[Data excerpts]
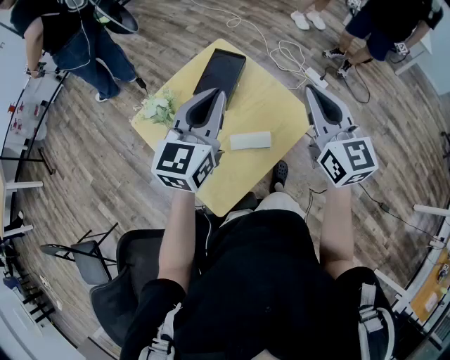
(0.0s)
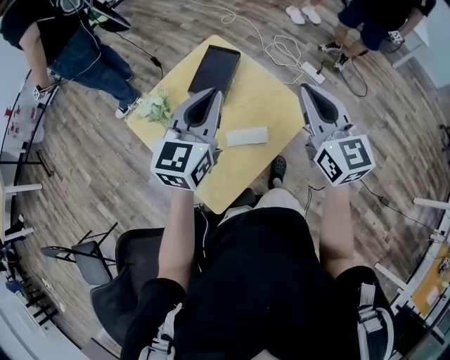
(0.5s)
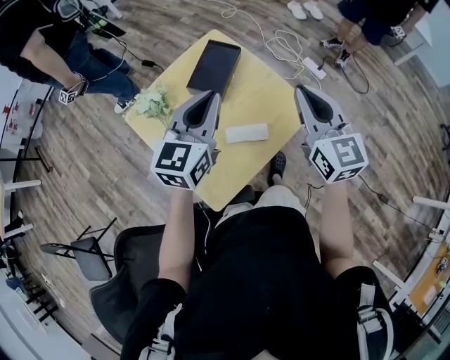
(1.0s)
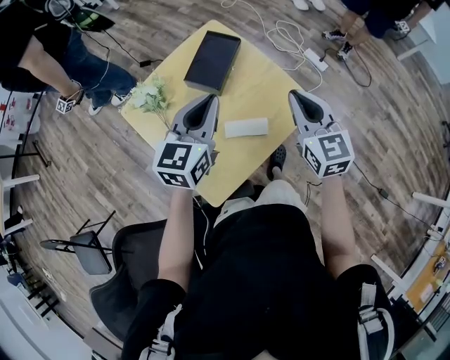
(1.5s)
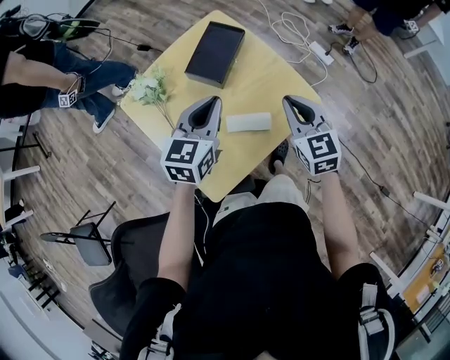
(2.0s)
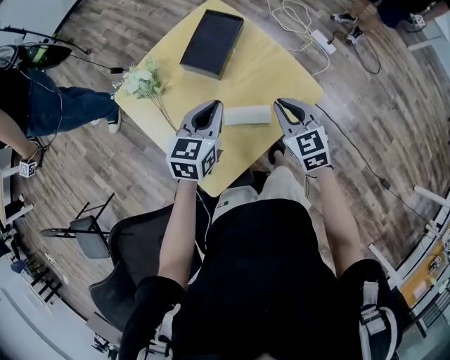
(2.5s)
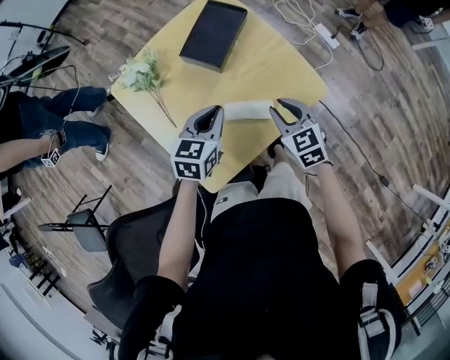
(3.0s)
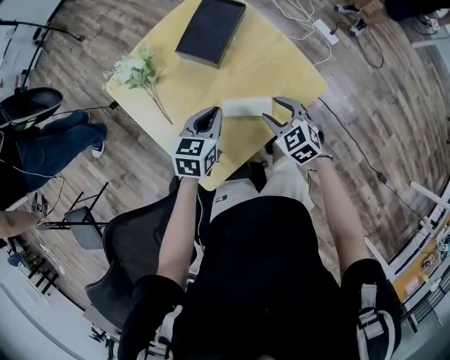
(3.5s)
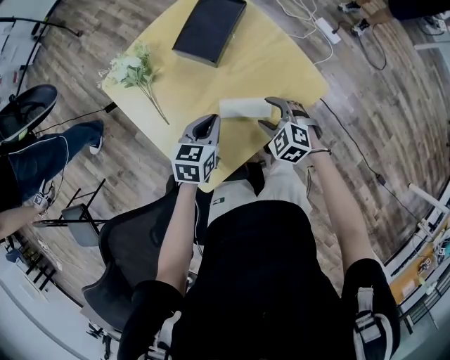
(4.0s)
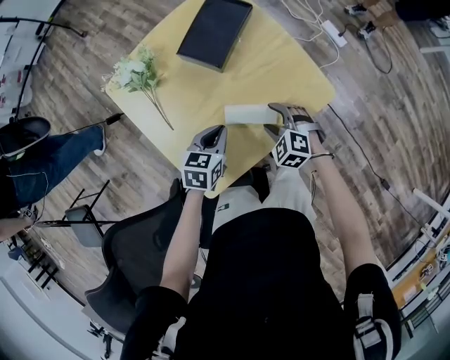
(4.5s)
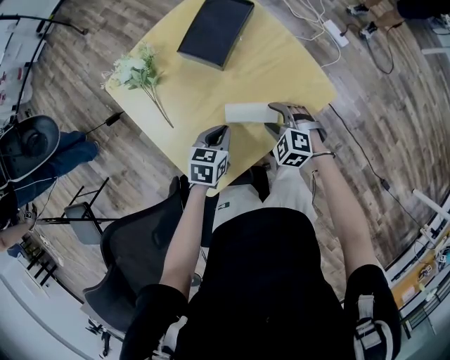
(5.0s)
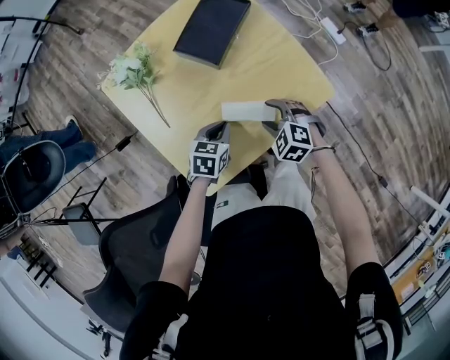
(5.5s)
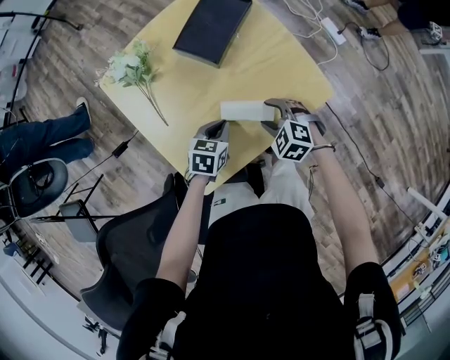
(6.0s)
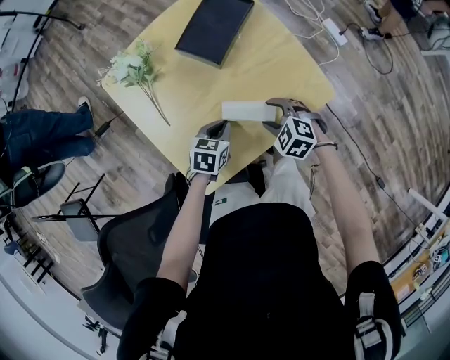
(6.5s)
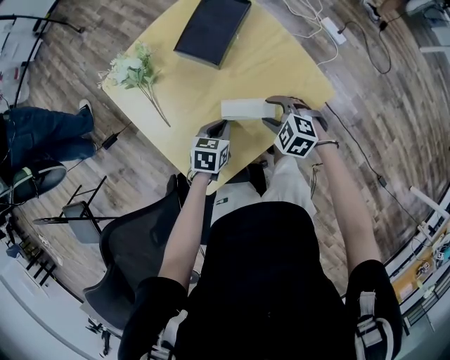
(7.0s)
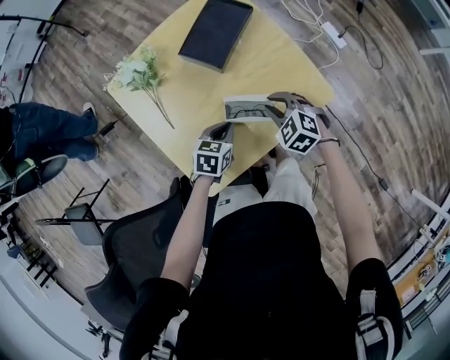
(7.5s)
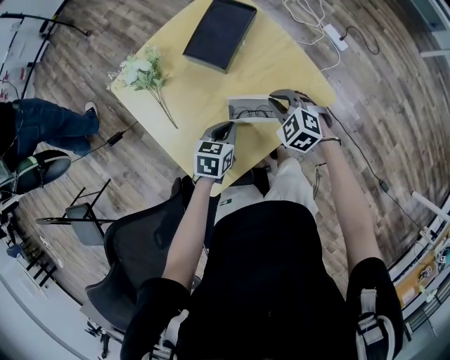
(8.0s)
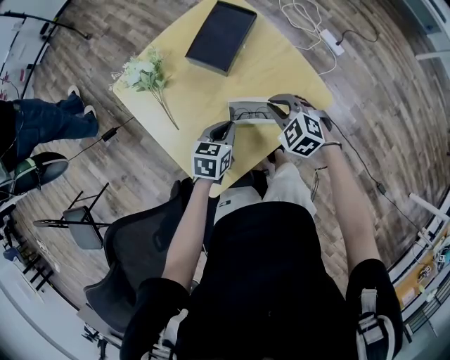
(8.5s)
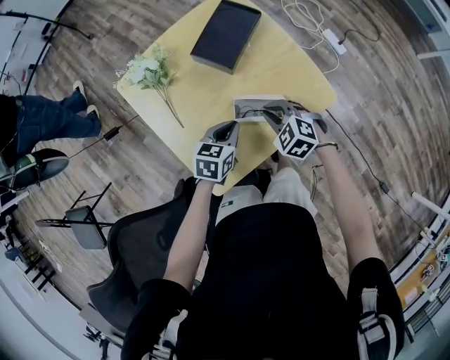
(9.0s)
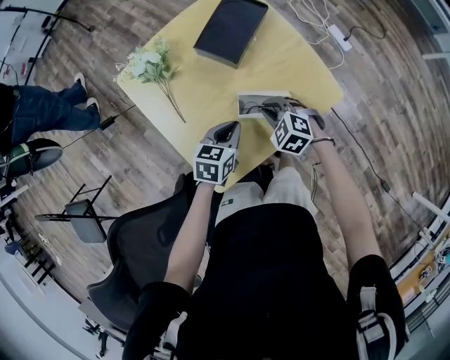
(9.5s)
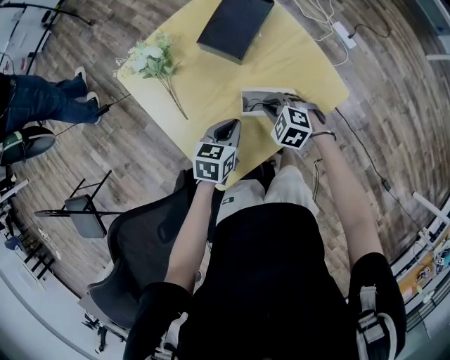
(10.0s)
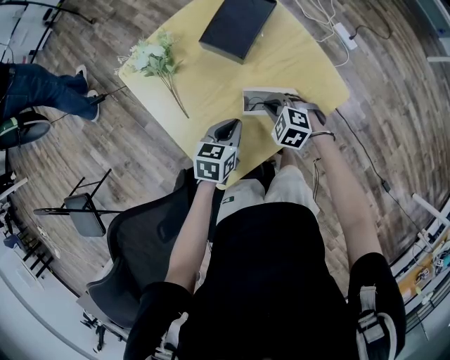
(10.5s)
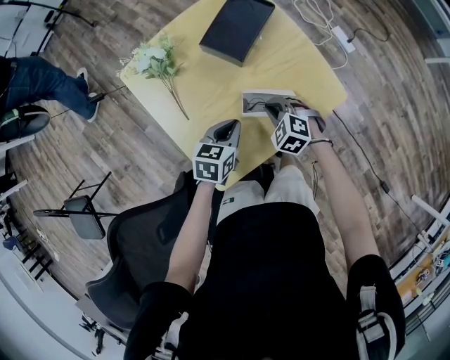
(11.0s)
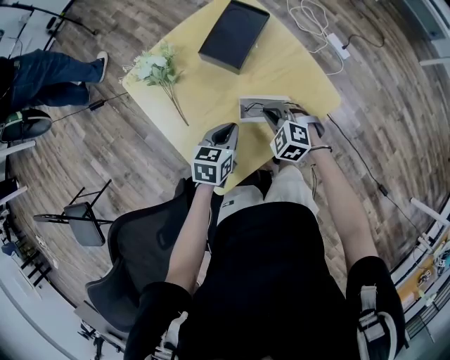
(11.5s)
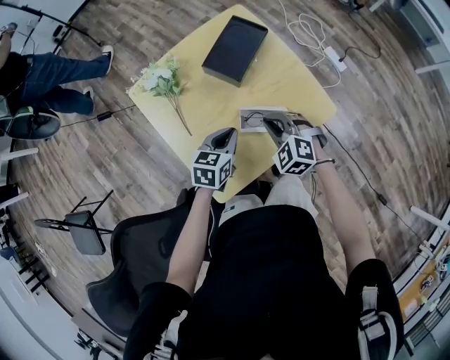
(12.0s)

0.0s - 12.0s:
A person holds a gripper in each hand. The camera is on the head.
0.0s - 2.0s: Both grippers move downward, some 15 cm. The right gripper rotates approximately 20 degrees.
2.0s - 4.0s: The two grippers go about 20 cm downward. The right gripper tips its fingers downward by approximately 30 degrees, and opens; the left gripper rotates some 20 degrees.
4.0s - 6.0s: The left gripper is displaced downward by roughly 10 cm.
6.0s - 8.0s: The right gripper heads forward and upward, covering roughly 10 cm, and closes its fingers.
8.0s - 10.0s: The right gripper is displaced to the left and downward by some 10 cm.
10.0s - 12.0s: The right gripper is displaced upward by some 10 cm. The left gripper moves upward, about 5 cm.

▸ **Problem requirements**: Leaving the images out, return every record exactly.

▸ **Result for this task**:
(0.0s)
(0.5s)
(1.0s)
(1.5s)
(2.0s)
(2.5s)
(3.0s)
(3.5s)
(4.0s)
(4.5s)
(5.0s)
(5.5s)
(6.0s)
(6.5s)
(7.0s)
(7.5s)
(8.0s)
(8.5s)
(9.0s)
(9.5s)
(10.0s)
(10.5s)
(11.0s)
(11.5s)
(12.0s)

0.0s - 12.0s:
A person holds a gripper in each hand. The camera is on the head.
0.0s - 2.0s: Both grippers move downward, some 15 cm. The right gripper rotates approximately 20 degrees.
2.0s - 4.0s: The two grippers go about 20 cm downward. The right gripper tips its fingers downward by approximately 30 degrees, and opens; the left gripper rotates some 20 degrees.
4.0s - 6.0s: The left gripper is displaced downward by roughly 10 cm.
6.0s - 8.0s: The right gripper heads forward and upward, covering roughly 10 cm, and closes its fingers.
8.0s - 10.0s: The right gripper is displaced to the left and downward by some 10 cm.
10.0s - 12.0s: The right gripper is displaced upward by some 10 cm. The left gripper moves upward, about 5 cm.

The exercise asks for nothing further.